Researchers claim they were duped into participating in mockumentaries that aired during the Discovery Channel’s weeklong celebration of all things shark.

By | August 13, 2014

A 4.5 meter great white shark (Carcharodon carcharias) scavenges a whale carcass in False Bay, South Africa.PLOS ONE: doi:10.1371/journal.pone.0060797Has the Discovery Channel officially jumped the shark? Many critics are asking if the programmer is eschewing the role of educational science programmer for the allure of reality TV after the start of the annual “Shark Week.” And bona fide shark researchers are claiming that Discovery producers flat out lied to them about how their interviews would be used for programs that appeared during the weeklong shark programming bonanza.
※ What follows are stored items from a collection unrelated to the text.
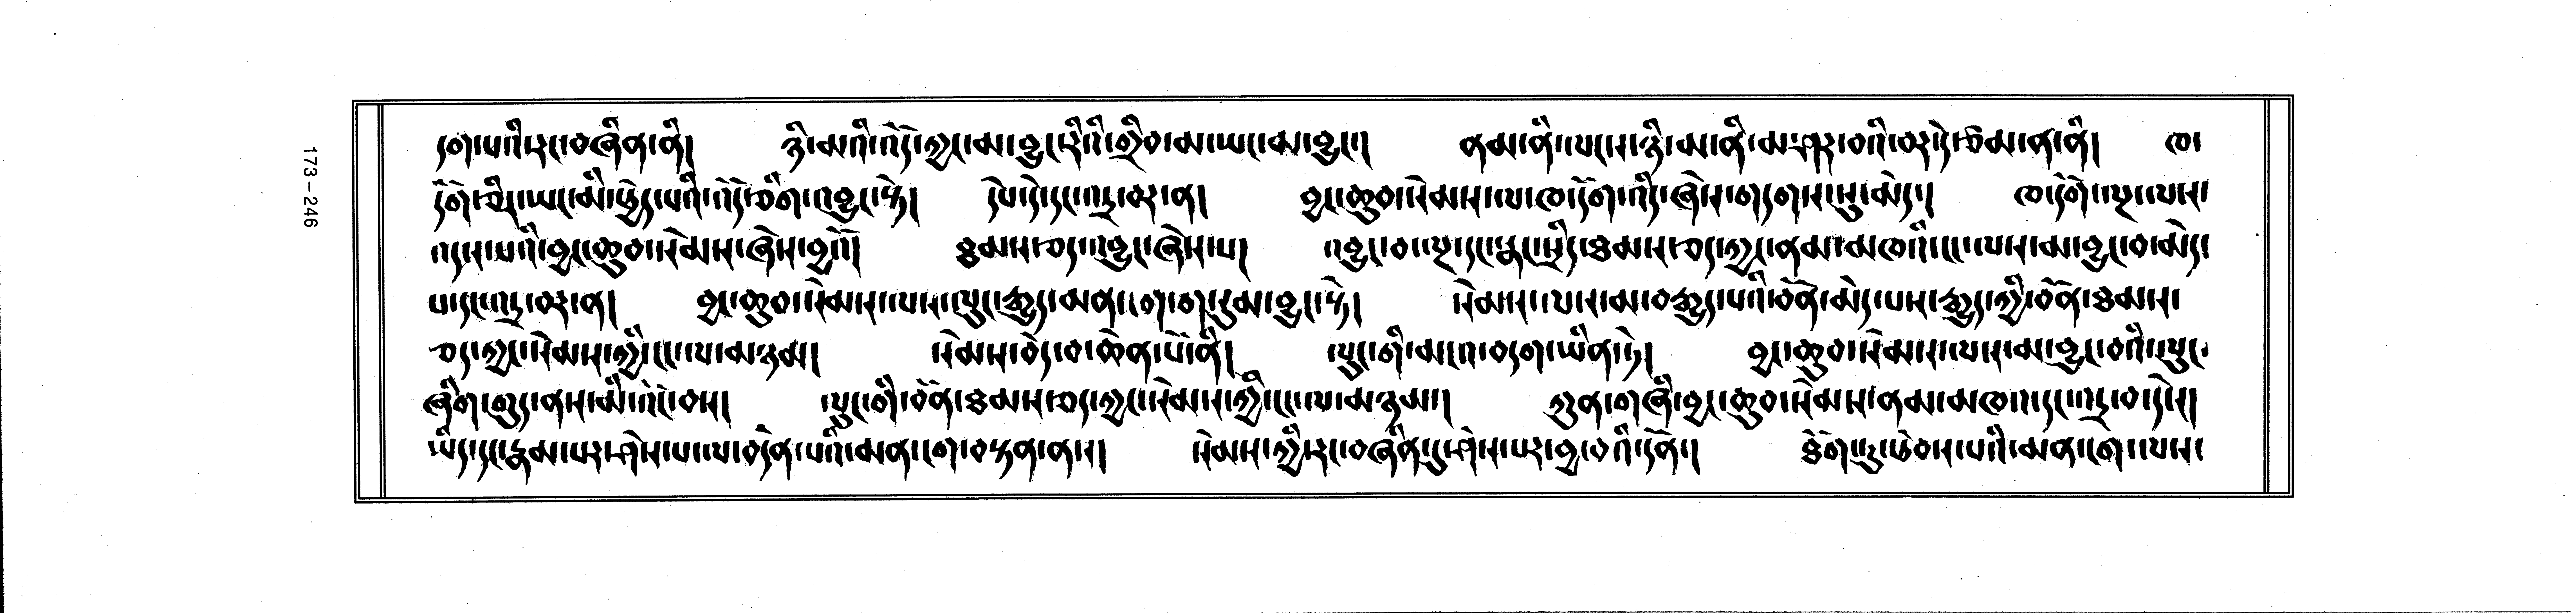དག་པའི་རང་བཞིན་ནི། ཉི་མའི་འོད་ཀྱང་མ་བྱུང་རིའི་གྲིབ་པ་མ་ཡང་མ་བྱུང་། ནམ་ནི་ལངས་ཉི་མ་ནི་མ་ཤར་བའི་བར་དེ་ཙམ་ན་ནི། ཁ་
དོག་ཅིར་ཡང་མི་ཕྱེད་པའི་འོད་ཅིག་འབྱུང་སྟེ། དཔེ་དེ་དང་འདྲ་བར་ན། བྱང་ཆུབ་སེམས་ལ་ཁ་དོག་འདི་ཞེས་གདགས་སུ་མེད། ཁ་དོག་ལྔ་ལས་
འདས་པའི་བྱང་ཆུབ་སེམས་ཞེས་བྱའོ། །ཐམས་ཅད་འབྱུང་ཞེས་པ། འབྱུང་བ་ལྔ་དང་སྣང་སྲིད་ཐམས་ཅད་ཀྱང་ནམ་མཁའི་ངང་ལས་མ་བྱུང་བ་མེད་
པ་དང་འདྲ་བར་ན། བྱང་ཆུབ་སེམས་ལས་རྒྱུད་ལུང་མན་ངག་གསུམ་བྱུང་སྟེ། སེམས་ལས་མ་བརྒྱུད་པའི་བོན་མེད་པས་རྒྱུད་ཀྱི་བོན་ཐམས་
ཅད་ཀྱང་སེམས་ཀྱི་ངང་ལ་མཉམ། སེམས་བདེ་བ་ཆེན་པོ་ནི། ལུང་གི་མངའ་བདག་ཡིན་ཏེ། བྱང་ཆུབ་སེམས་ལས་མ་བྱུང་བའི་སེམས་
ཞིག་གུད་ནས་མི་འོང་བས། ལུང་གི་བོན་ཐམས་ཅད་ཀྱང་སེམས་ཀྱི་ངང་ལ་མཉམ། ཀུན་གཞི་བྱང་ཆུབ་ཀྱི་སེམས་ནམ་མཁའ་དང་འདྲ་བ་དེས། 
ཡིད་དང་རྣམ་པར་ཤེས་པ་ལ་བདེན་པའི་མན་ངག་བསྟན་ནས། སེམས་ཀྱི་རང་བཞིན་དུ་ཤེས་པར་བྱ་བའི་དོན། ཐོག་ཏུ་ཕེབས་པའི་མན་ངག་ལས།
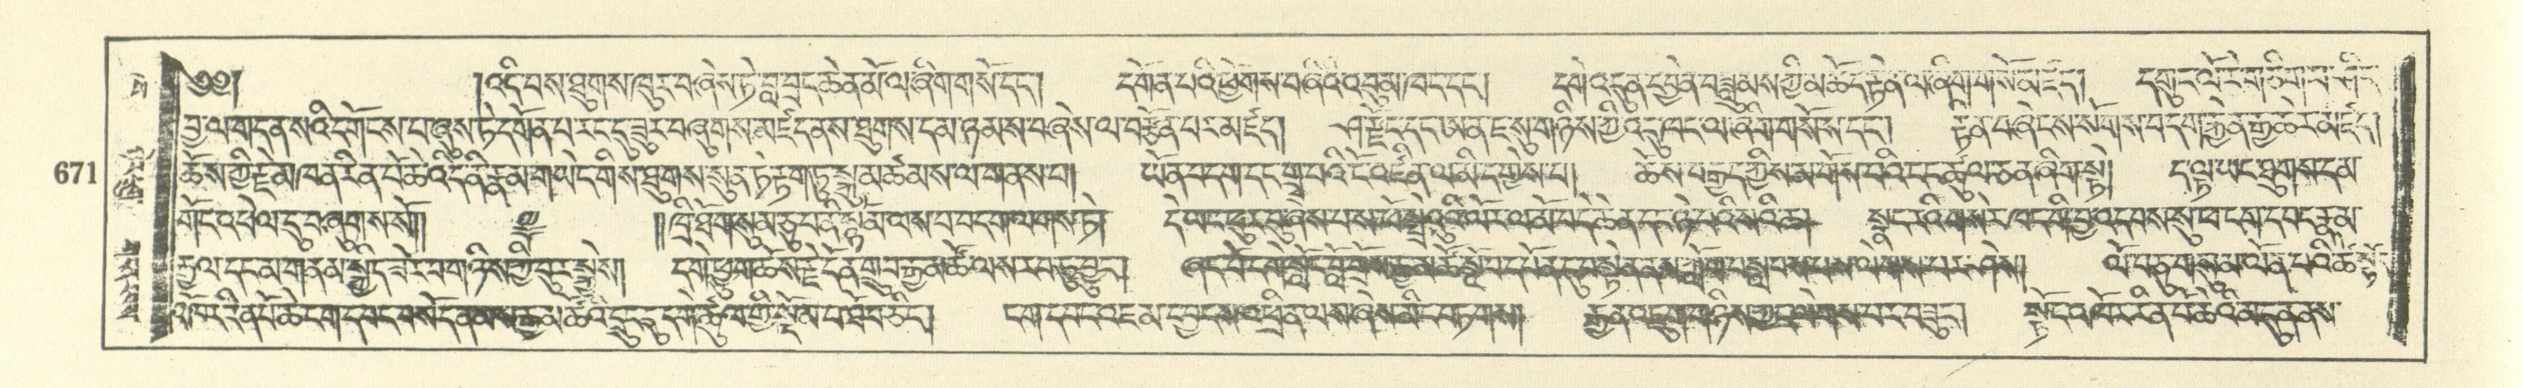༄༅། །འདི་བས་ཐུགས་ཁུར་བཞེས་ཏེ་བླ་བྲང་ཆེན་མོ་ལ་ཞིག་གསོ་དང་། དགོན་པའི་ཕྱོགས་བཞིའི་འབུམ་ཁང་དང་། དགེ་འདུན་དབྱེ་ན་བཟླུམས་ཀྱི་མཆོད་རྟེན་ལ་ཞིག་གསོ་མཛད། དགུང་ལོ་རེ་གཅིག་པ་ཤིང་
བྱ་ལ་གདན་སའི་དགོངས་པ་ཞུས་ཏེ་དགོན་པ་རང་དུ་ཟུར་བཞུགས་མཛད་ནས་ཐུགས་དམ་ཉམས་བཞེས་ལ་བརྩོན་པར་མཛད། ཤ་རྫོང་དང་ཨན་ཇ་སུ་གཉིས་ཀྱི་འདུ་ཁང་ལ་ཞིག་གསོས་དང་། རྟེན་བཞེངས་སོགས་བདག་རྐྱེན་རྒྱ་ཆེར་མཛད།
ཆོས་ཀྱི་རྗེ་མཁན་རིན་པོ་ཆེ་འདི་ནི་རྣམ་གཡེང་གིས་ཐུགས་སུན་ཏེ་རྟག་ཏུ་སྐུ་མཚམས་ལ་གནས་པ། ཡོན་བདག་དང་གྲྭ་པའི་ངོ་འཛིན་ལ་མི་དགྱེས་པ། ཆོས་བརྒྱད་ཀྱིས་མགོས་པའི་ངང་ཚུལ་ཅན་ཞིག་སྟེ། ད་ལྟ་ཡང་ཐུགས་དམ་
གོང་འཕེལ་དུ་བཞུགས་སོ།། ༈ །།ཁྲི་ཐོག་སུམ་ཅུ་བ་ནི་སྙོམ་ལས་པ་བདག་ལགས་ཏེ། དེ་ཡང་ཕུར་བུ་ཞེས་པ་ས་ཕོ་སྤྲེའུའི་ལོར་ལ་མོ་བདེ་ཆེན་དང་ཉེ་བའི་སའི་ཆ། སྣང་རའི་གསེར་ཁང་གི་བྱ་འདབས་སུ་ཕ་ངག་དབང་རྣམ་
རྒྱལ་དང་མ་གནམ་སྐྱིད་ཟེར་བ་གཉིས་ཀྱི་བུར་སྐྱེས། དགེ་ཕྱུག་ཆོས་རྗེ་དོན་གྲུབ་རྒྱ་མཚོ་ལས་རབ་ཏུ་བྱུང་། ཞང་བོ་དགེ་སློང་བློ་གྲོས་རྒྱ་མཚོ་སློབ་དཔོན་དུ་བསྟེན་ནས་ཀློག་བསླབས་པས་ལེགས་པར་ཤེས། ལོ་བཅུ་གསུམ་ལོན་པའི་ཚེ་སྟོང་
འཁོར་རིན་པོ་ཆེ་ངག་དབང་བསོད་ནམས་རྒྱ་མཚོའི་དྲུང་དུ་དགེ་ཚུལ་གྱི་སྡོམ་པ་ཐོབ་ཅིང་། ངག་དབང་འཇམ་དབྱངས་འཕྲིན་ལས་ཞེས་མིང་བཏགས། རྒྱན་འཇུག་གཉིས་ཀྱང་ལེགས་པར་བཟུང་། སྟོང་འཁོར་རིན་པོ་ཆེའི་མདུན་ནས་

On Sunday night (August 10), Discovery kicked off this year’s “Shark Week” by showing a fictitious shark story, “Shark of Darkness: Wrath of Submarine,” that was dressed up to look like a serious documentary. Although it contained brief on-screen warning about events depicted in the show being “dramatized,” the program failed to mention that the story, about a mythical 35-foot-long great white shark (Carcharodon carcharias) that attacked humans off the coast of South Africa, was completely fabricated. Zoologist Michelle Wcisel, based in South Africa, told the Epoch Times that “Shark of Darkness” is a “fake-umentary.”

“Everyone who has worked on white sharks has seen their version of the ‘Submarine,’ but it does not actually exist. Think Loch Ness,” she said. “I am a zoologist specialized in behavior and have just completed my [master’s degree] from the University of Cape Town studying the anti-predator tactics of Cape fur seals in Shark Alley, Geyser Rock, South Africa. Not once did I meet the researchers [in] ‘Shark of Darkness: Wrath of Submarine’ features, because they do not exist. They are actors.”

Discovery caught similar heat for last year’s “Shark Week” lineup, which included a “documentary” about a fictitious megalodon. Shark researchers nearly universally derided the show.

And now, two marine biologists are claiming that Discovery producers duped them into providing interviews that ended up in similarly sensationalist programs. One of the researchers, Jonathan Davis of the Texas Parks and Wildlife Department, was interviewed by Shark Week producers, who used the footage in “Voodoo Shark” about a legendary shark named “Rooken” that is said by some to stalk the bayous of Louisiana. “I asked a few of the crew members, including the producer, what the show was going to be about,” Davis told io9. “I never got a straight answer, and the producer seemed to avoid the question. I was just told it would be combined with some other filming to make one show about Louisiana shark research.”

Davis added that the producers spliced together his interview footage to make it seem as though he believed in the existence of the fictitious creature.

Shedd Aquarium postdoc Kristine Stump is making similar claims about the interviews she granted “Shark Week” film crews. Stump, who studies hammerhead sharks, was taped by Discovery Channel cameras for what she thought would be a serious documentary on the fish. “The basic premise was a camera crew was dropping in on real scientists doing actual hammerhead research,” Stump told io9. “We’d talk about the research goals and the challenges we face in trying to achieve those goals.” But her footage ended up in “Monster Hammerhead,” a program to be aired later this week on Discovery which apparently focuses on a mythical hammerhead that has supposedly been swimming Florida waters for 60 years (well beyond the animal’s documented lifespan). “‘Monster Hammerhead’ does not match the description of what we filmed," Stump said.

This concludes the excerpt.